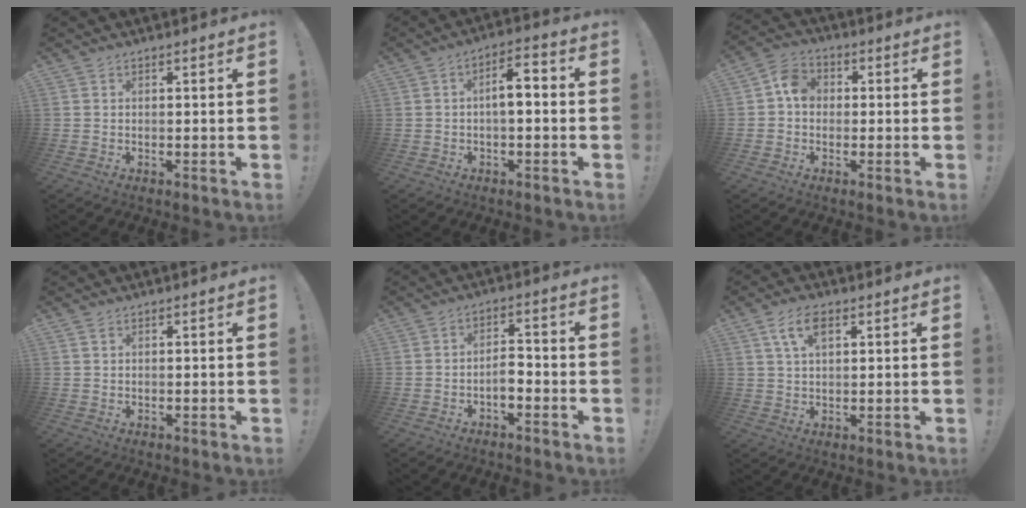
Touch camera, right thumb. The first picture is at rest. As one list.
[{"total": 6.7, "force": [-0.6, 2.6, 6.1], "torque": [-0.094, 0.009, -0.015]}, {"total": 6.7, "force": [0.0, 5.5, 3.9], "torque": [-0.065, 0.022, 0.005]}, {"total": 1.0, "force": [0.7, 0.5, 0.6], "torque": [-0.012, 0.001, 0.013]}, {"total": 4.9, "force": [-2.2, 2.2, 3.8], "torque": [-0.076, 0.007, -0.040]}, {"total": 7.0, "force": [3.0, 3.5, 5.3], "torque": [-0.099, 0.005, 0.054]}]
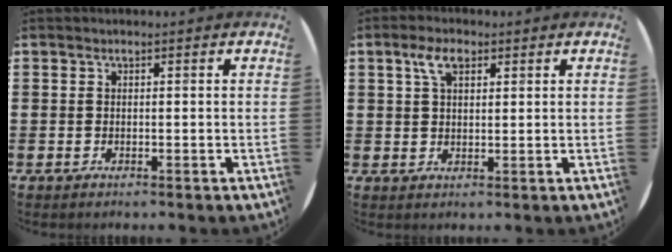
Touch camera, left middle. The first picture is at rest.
{"total": 4.1, "force": [2.3, 1.9, 2.7], "torque": [-0.053, 0.007, 0.040]}
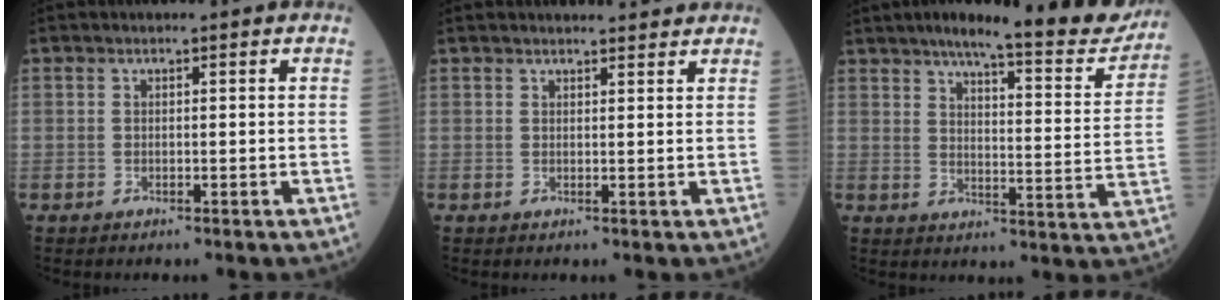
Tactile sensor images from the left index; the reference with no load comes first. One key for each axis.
{"total": 6.2, "fx": 5.9, "fy": 1.0, "fz": 1.5, "tx": -0.013, "ty": 0.017, "tz": 0.065}
{"total": 19.6, "fx": 16.9, "fy": 2.6, "fz": 9.5, "tx": -0.121, "ty": -0.030, "tz": 0.210}
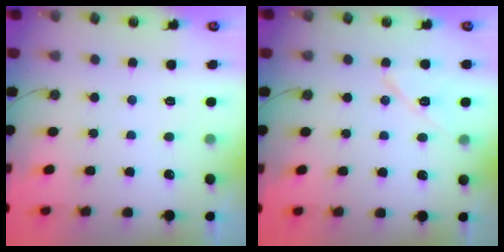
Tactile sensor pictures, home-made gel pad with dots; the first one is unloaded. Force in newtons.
{"total": 9.1, "press": 8.6, "slide": 3.1}
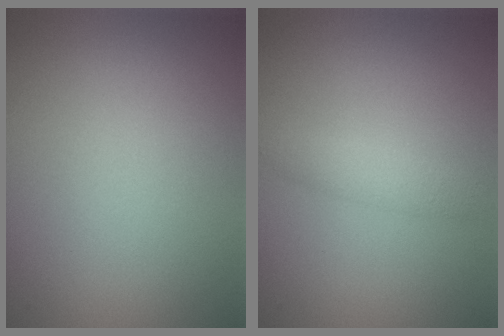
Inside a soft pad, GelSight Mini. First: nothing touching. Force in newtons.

- _TASK STATEMENT_: Generate a word-for-word copy of the preceding records, excluding all pictures.

- _SOLVED PROBLEM_:
Touch camera, right thumb. The first picture is at rest. As one list.
[{"total": 6.7, "force": [-0.6, 2.6, 6.1], "torque": [-0.094, 0.009, -0.015]}, {"total": 6.7, "force": [0.0, 5.5, 3.9], "torque": [-0.065, 0.022, 0.005]}, {"total": 1.0, "force": [0.7, 0.5, 0.6], "torque": [-0.012, 0.001, 0.013]}, {"total": 4.9, "force": [-2.2, 2.2, 3.8], "torque": [-0.076, 0.007, -0.040]}, {"total": 7.0, "force": [3.0, 3.5, 5.3], "torque": [-0.099, 0.005, 0.054]}]
Touch camera, left middle. The first picture is at rest.
{"total": 4.1, "force": [2.3, 1.9, 2.7], "torque": [-0.053, 0.007, 0.040]}
Tactile sensor images from the left index; the reference with no load comes first. One key for each axis.
{"total": 6.2, "fx": 5.9, "fy": 1.0, "fz": 1.5, "tx": -0.013, "ty": 0.017, "tz": 0.065}
{"total": 19.6, "fx": 16.9, "fy": 2.6, "fz": 9.5, "tx": -0.121, "ty": -0.030, "tz": 0.210}
Tactile sensor pictures, home-made gel pad with dots; the first one is unloaded. Force in newtons.
{"total": 9.1, "press": 8.6, "slide": 3.1}
Inside a soft pad, GelSight Mini. First: nothing touching. Force in newtons.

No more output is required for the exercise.